This study quantifies the nonlinear, lagged effects of climate—particularly temperature, heatwaves, and cold spells—on mortality across multiple regions and age groups, while disentangling climate-driven from non-climate mortality risks. Method: We propose a novel two-component framework: (i) embedding a Distributed Lag Nonlinear Model (DLNM) within a multi-population stochastic mortality model (a Lee-Carter variant), integrated with the Universal Thermal Climate Index (UTCI) and Representative Concentration Pathway (RCP) scenario data; and (ii) developing a back-casting estimation algorithm that explicitly separates climate- and non-climate-related mortality risk components, enabling both single- and multi-population joint modeling and long-term mortality projection. Contribution/Results: Validated on Athens, Lisbon, and Rome, the framework significantly outperforms benchmark models. Projections indicate declining winter mortality but rising summer mortality before 2045; under RCP8.5, total mortality exhibits a long-term upward trend.

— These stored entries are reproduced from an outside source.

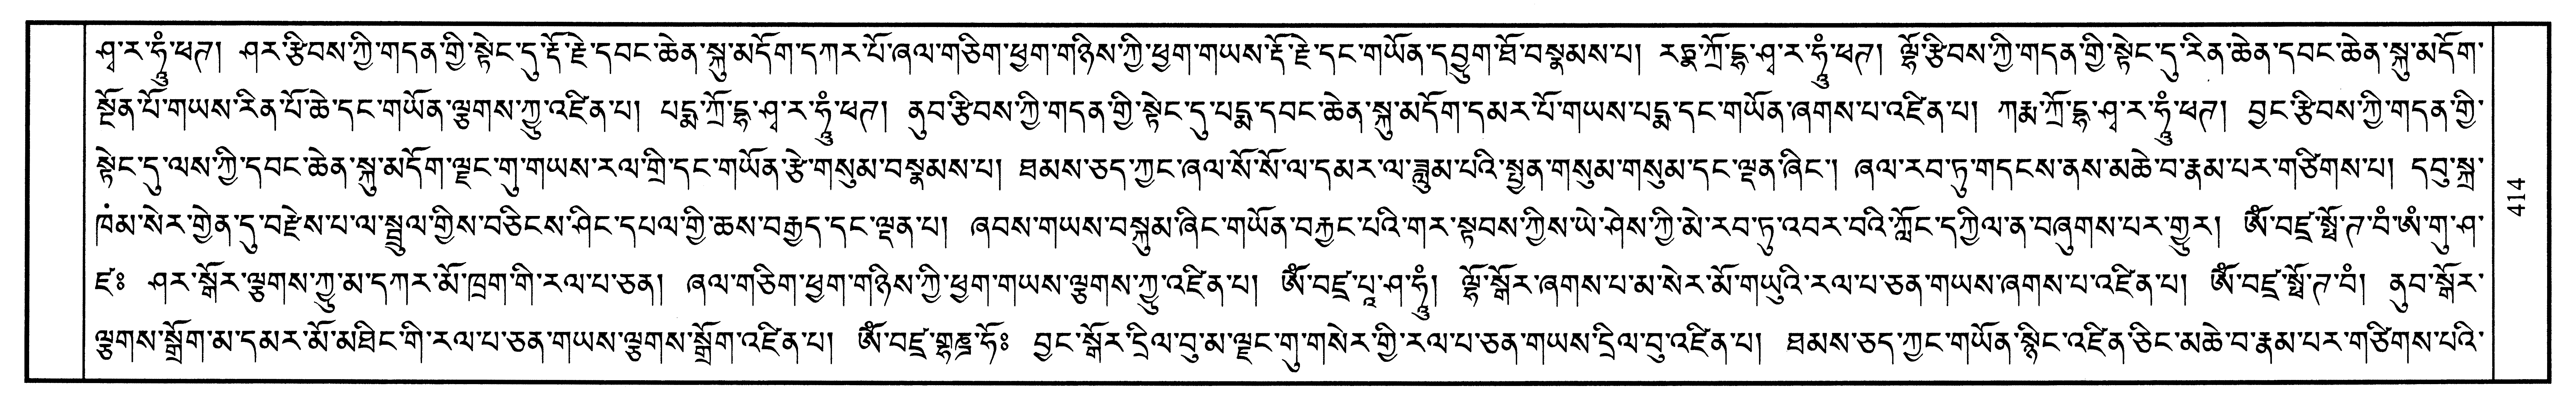ཤྭ་ར་ཧཱུཾ་ཕཊ། ཤར་རྩིབས་ཀྱི་གདན་གྱི་སྟེང་དུ་རྡོ་རྗེ་དབང་ཆེན་སྐུ་མདོག་དཀར་པོ་ཞལ་གཅིག་ཕྱག་གཉིས་ཀྱི་ཕྱག་གཡས་རྡོ་རྗེ་དང་གཡོན་དབྱུག་ཐོ་བསྣམས་པ། རཏྣ་ཀྲོ་དྷ་ཤྭ་ར་ཧཱུཾ་ཕཊ། ལྷོ་རྩིབས་ཀྱི་གདན་གྱི་སྟེང་དུ་རིན་ཆེན་དབང་ཆེན་སྐུ་མདོག་
སྔོན་པོ་གཡས་རིན་པོ་ཆེ་དང་གཡོན་ལྕགས་ཀྱུ་འཛིན་པ། པདམ་ཀྲོ་དྷ་ཤྭ་ར་ཧཱུཾ་ཕཊ། ནུབ་རྩིབས་ཀྱི་གདན་གྱི་སྟེང་དུ་པདམ་དབང་ཆེན་སྐུ་མདོག་དམར་པོ་གཡས་པདམ་དང་གཡོན་ཞགས་པ་འཛིན་པ། ཀརྨ་ཀྲོ་དྷ་ཤྭ་ར་ཧཱུཾ་ཕཊ། བྱང་རྩིབས་ཀྱི་གདན་གྱི་
སྟེང་དུ་ལས་ཀྱི་དབང་ཆེན་སྐུ་མདོག་ལྗང་གུ་གཡས་རལ་གྲི་དང་གཡོན་རྩེ་གསུམ་བསྣམས་པ། ཐམས་ཅད་ཀྱང་ཞལ་སོ་སོ་ལ་དམར་ལ་ཟླུམ་པའི་སྤྱན་གསུམ་གསུམ་དང་ལྡན་ཞིང་། ཞལ་རབ་ཏུ་གདངས་ནས་མཆེ་བ་རྣམ་པར་གཙིགས་པ། དབུ་སྐྲ་
ཁམ་སེར་གྱེན་དུ་བརྫེས་པ་ལ་སྦྲུལ་གྱིས་བཅིངས་ཤིང་དཔལ་གྱི་ཆས་བརྒྱད་དང་ལྡན་པ། ཞབས་གཡས་བསྐུམ་ཞིང་གཡོན་བརྐྱང་པའི་གར་སྟབས་ཀྱིས་ཡེ་ཤེས་ཀྱི་མེ་རབ་ཏུ་འབར་བའི་ཀློང་དཀྱིལ་ན་བཞུགས་པར་གྱུར། ཨོཾ་བཛྲ་སྥོ་ཊ་བཾ་ཨཾ་གུ་ཤ་
ཛཿ ཤར་སྒོར་ལྕགས་ཀྱུ་མ་དཀར་མོ་ཁྲག་གི་རལ་པ་ཅན། ཞལ་གཅིག་ཕྱག་གཉིས་ཀྱི་ཕྱག་གཡས་ལྕགས་ཀྱུ་འཛིན་པ། ཨོཾ་བཛྲ་པཱ་ཤ་ཧཱུཾ། ལྷོ་སྒོར་ཞགས་པ་མ་སེར་མོ་གཡུའི་རལ་པ་ཅན་གཡས་ཞགས་པ་འཛིན་པ། ཨོཾ་བཛྲ་སྥོ་ཊ་བཾ། ནུབ་སྒོར་
ལྕགས་སྒྲོག་མ་དམར་མོ་མཐིང་གི་རལ་པ་ཅན་གཡས་ལྕགས་སྒྲོག་འཛིན་པ། ཨོཾ་བཛྲ་གྷཎྜ་ཧོཿ བྱང་སྒོར་དྲིལ་བུ་མ་ལྗང་གུ་གསེར་གྱི་རལ་པ་ཅན་གཡས་དྲིལ་བུ་འཛིན་པ། ཐམས་ཅད་ཀྱང་གཡོན་སྙིང་འཛིན་ཅིང་མཆེ་བ་རྣམ་པར་གཙིགས་པའི་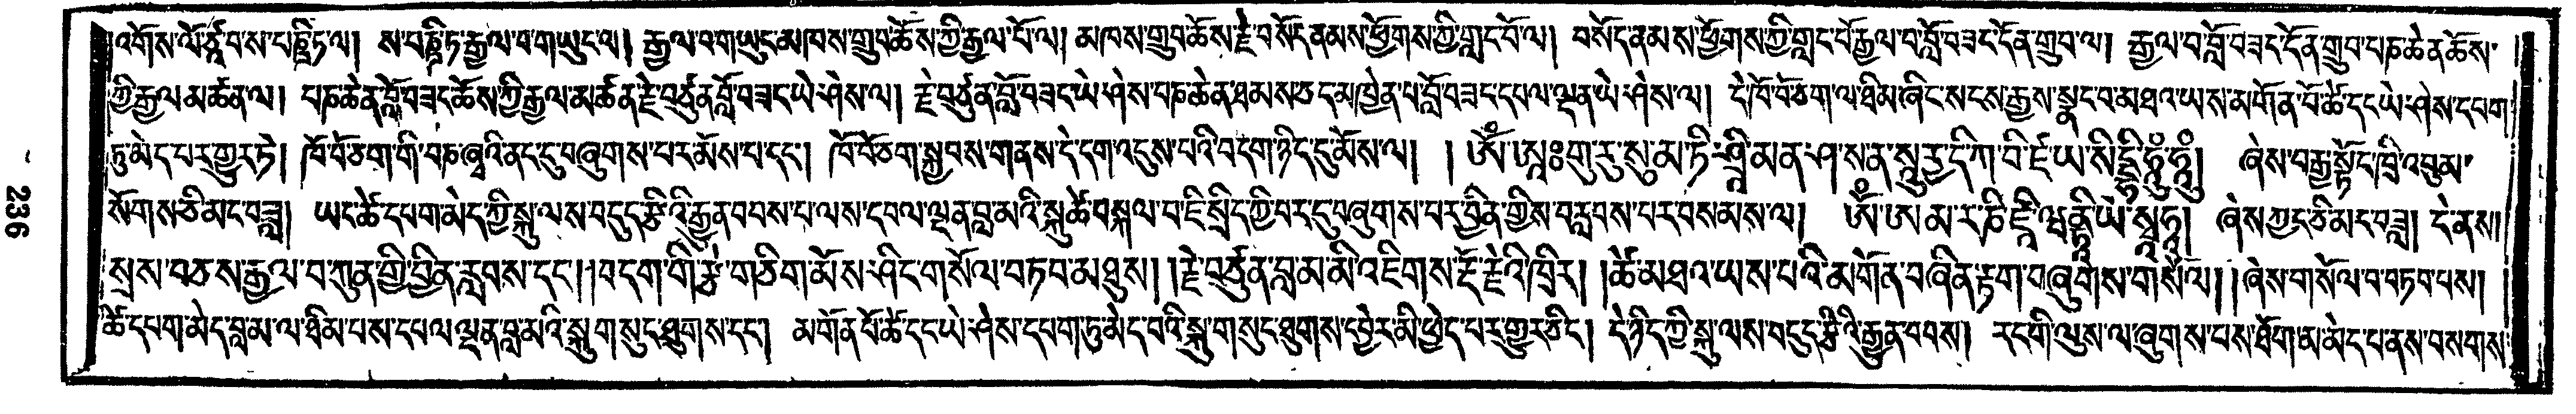འགོས་ལོ་ཙཱ་བ་ས་པཎྜི་ཏ་ལ། ས་པཎྜི་ཏ་རྒྱལ་བ་གཡུང་ལ། རྒྱལ་བ་གཡུང་མཁས་གྲུབ་ཆོས་ཀྱི་རྒྱལ་པོ་ལ། མཁས་གྲུབ་ཆོས་རྗེ་བསོད་ནམས་ཕྱོགས་ཀྱི་གླང་པོ་ལ། བསོད་ནམས་ཕྱོགས་ཀྱི་གླང་པོ་རྒྱལ་བ་བློ་བཟང་དོན་གྲུབ་ལ། རྒྱལ་བ་བློ་བཟང་དོན་གྲུབ་པཎ་ཆེན་ཆོས་
ཀྱི་རྒྱལ་མཚན་ལ། པཎ་ཆེན་བློ་བཟང་ཆོས་ཀྱི་རྒྱལ་མཚན་རྗེ་བཙུན་བློ་བཟང་ཡེ་ཤེས་ལ། རྗེ་བཙུན་བློ་བཟང་ཡེ་ཤེས་པཎ་ཆེན་ཐམས་ཅད་མཁྱེན་པ་བློ་བཟང་དཔལ་ལྡན་ཡེ་ཤེས་ལ། དེ་ཁོ་བོ་ཅག་ལ་ཐིམ་ཞིང་སངས་རྒྱས་སྣང་བ་མཐའ་ཡས་མགོན་པོ་ཚེ་དང་ཡེ་ཤེས་དཔག་
ཏུ་མེད་པར་གྱུར་ཏེ། ཁོ་བོ་ཅག་གི་བཎ་ཞྭའི་ནང་དུ་བཞུགས་པར་མོས་པ་དང་། ཁོ་བོ་ཅག་སྐྱབས་གནས་དེ་དག་འདུས་པའི་བདག་ཉིད་དུ་མོས་ལ། །ཨོཾ་ཨཱཿ གུ་རུ་སུ་མ་ཏི་ཤྲཱི་མན་ཤ་ས་ན་སཱུརྱ་དི་ཀ་བི་ཛ་ཡ་སིདྡྷི་ཧཱུཾ་ཧཱུཾ། ཞེས་བརྒྱ་སྟོང་ཁྲི་འབུམ་
སོགས་ཅི་མང་བཟླ། ཡང་ཚེ་དཔག་མེད་ཀྱི་སྐུ་ལས་བདུད་རྩིའི་རྒྱུན་བབས་པ་ལས་དཔལ་ལྡན་བླ་མའི་སྐུ་ཚེ་བསྐལ་པ་ཇི་སྲིད་ཀྱི་བར་དུ་བཞུགས་པར་བྱིན་གྱིས་བརླབས་པར་བསམས་ལ། ཨོཾ་ཨ་མ་ར་ཎྀ་ཛཱི་ཝནྟཱི་ཡེ་སྭཱཧཱ། ཞེས་ཀྱང་ཅི་མང་བཟླ། དེ་ནས།
སྲས་བཅས་རྒྱལ་བ་ཀུན་གྱི་བྱིན་རླབས་དང་། །བདག་གི་རྩེ་གཅིག་མོས་ཤིང་གསོལ་བཏབ་མཐུས། །རྗེ་བཙུན་བླ་མ་མི་འཇིགས་རྡོ་རྗེའི་ཁྲིར། །ཚེ་མཐའ་ཡས་པའི་མགོན་བཞིན་རྟག་བཞུགས་གསོལ། །ཞེས་གསོལ་བ་བཏབ་པས།
ཚེ་དཔག་མེད་བླ་མ་ལ་ཐིམ་པས་དཔལ་ལྡན་བླ་མའི་སྐུ་གསུང་ཐུགས་དང་། མགོན་པོ་ཚེ་དང་ཡེ་ཤེས་དཔག་ཏུ་མེད་པའི་སྐུ་གསུང་ཐུགས་དབྱེར་མི་ཕྱེད་པར་གྱུར་ཅིང་། དེ་ཉིད་ཀྱི་སྐུ་ལས་བདུད་རྩིའི་རྒྱུན་བབས། རང་གི་ལུས་ལ་ཞུགས་པས་ཐོག་མ་མེད་པ་ནས་བསགས་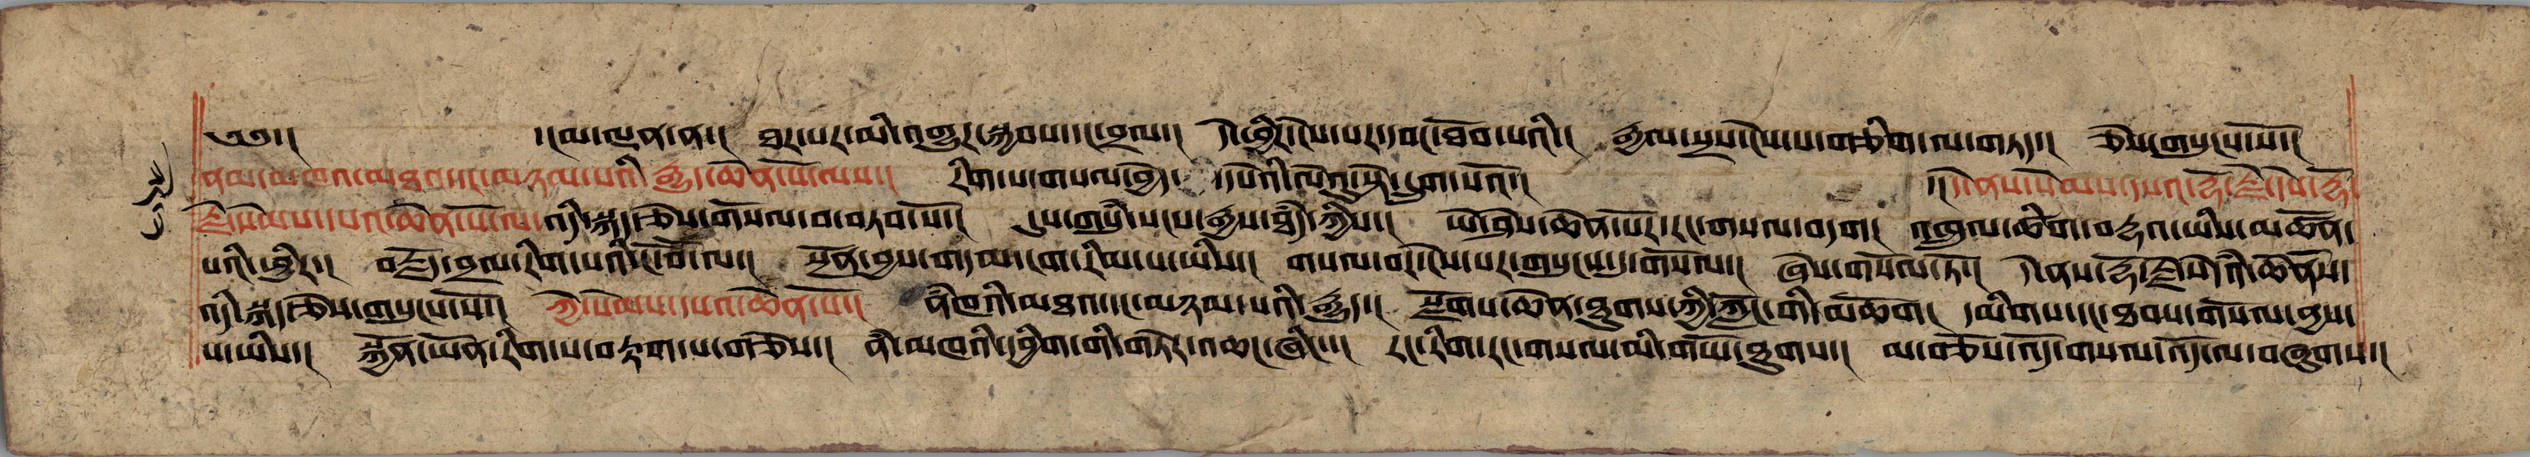༄༅་། ་།མ་ལྡན་ན་། ཐར་པར་མི་འགྱུར་སྐྱབས་དང་བྲལ་། དེ་ཕྱིར་ངེས་པར་དབང་ཐོབ་པའི་། རྒྱལ་སྲས་ངེས་པ་གཅིག་ལ་གཏད་། ཅེས་གསུངས་སོ་།
ནམ་མཁའ་མཐའ་དང་མཉམ་པའི་རྒྱུད་ཆེན་པོ་ལས་། རིག་པ་གསལ་བྱེད་ཀྱི་དཔེའི་ལེའུ་སྟེ་དྲུག་པའོ་། ་།དེ་ནས་སེམས་དཔའ་རྡོ་རྗེ་དེས་རྡོ་
རྗེ་སེམས་དཔའ་ཆེན་པོ་ལ་འདི་སྐད་ཅེས་གསོལ་བ་བཏབ་སོ་། དུས་གསུཾ་སངས་རྒྱས་ཐཾད་ཀྱིས་། ཡེ་ཤེས་ཆེན་པོར་རང་གསལ་བདག། འཁྲུལ་ཚིག་བརྡའ་ཡིས་མཚོན་
པའི་ཕྱིར་། བརྗོད་བྲལ་རིག་པའི་ངོ་བོ་ལ་། སྔོན་བྱས་གདམ་ངག་རིག་པ་ཡིས་། གསལ་བར་ངེས་པར་གསུངས་དུ་གསོལ་། ཞེས་གསོལ་ཏོ་། དེ་ནས་རྡོ་རྗེ་སེདཾའ་ཆེནཔོ་
འདི་སྐད་ཅེས་གསུངས་སོ་། ཀྱེ་སེམས་དཔའ་ཆེན་པོ་། ནཾཁའི་མཐའ་དང་མཉམ་པའི་རྒྱུད་། སྫོགས་ཆེན་ཐུགས་ཀྱི་ཀློང་གི་མཆོག། དམིགས་དང་ཐབས་གསོལ་ནྱས་
པ་ཡིས་། སྐྱོན་ཡོན་རིག་པ་བརྟག་པ་གཅེས་། ནཾ་མཁའི་དབྱིག་གི་གཏེར་འཆང་ཞིང་་། རང་རིག་རང་གསལ་མི་གཡོ་ཐུགས་། མ་བཅོས་འོད་གསལ་འོད་ལ་བཞུགས་

Assessing climate-driven mortality risk has become an emerging area of research in recent decades. In this paper, we propose a novel approach to explicitly incorporate climate-driven effects into both single- and multi-population stochastic mortality models. The new model consists of two components: a stochastic mortality model, and a distributed lag non-linear model (DLNM). The first component captures the non-climate long-term trend and volatility in mortality rates. The second component captures non-linear and lagged effects of climate variables on mortality, as well as the impact of heat waves and cold waves across different age groups. For model calibration, we propose a backfitting algorithm that allows us to disentangle the climate-driven mortality risk from the non-climate-driven stochastic mortality risk. We illustrate the effectiveness and superior performance of our model using data from three European regions: Athens, Lisbon, and Rome. Furthermore, we utilize future UTCI data generated from climate models to provide mortality projections into 2045 across these regions under two Representative Concentration Pathway (RCP) scenarios. The projections show a noticeable decrease in winter mortality alongside a rise in summer mortality, driven by a general increase in UTCI over time. Although we expect slightly lower overall mortality in the short term under RCP8.5 compared to RCP2.6, a long-term increase in total mortality is anticipated under the RCP8.5 scenario.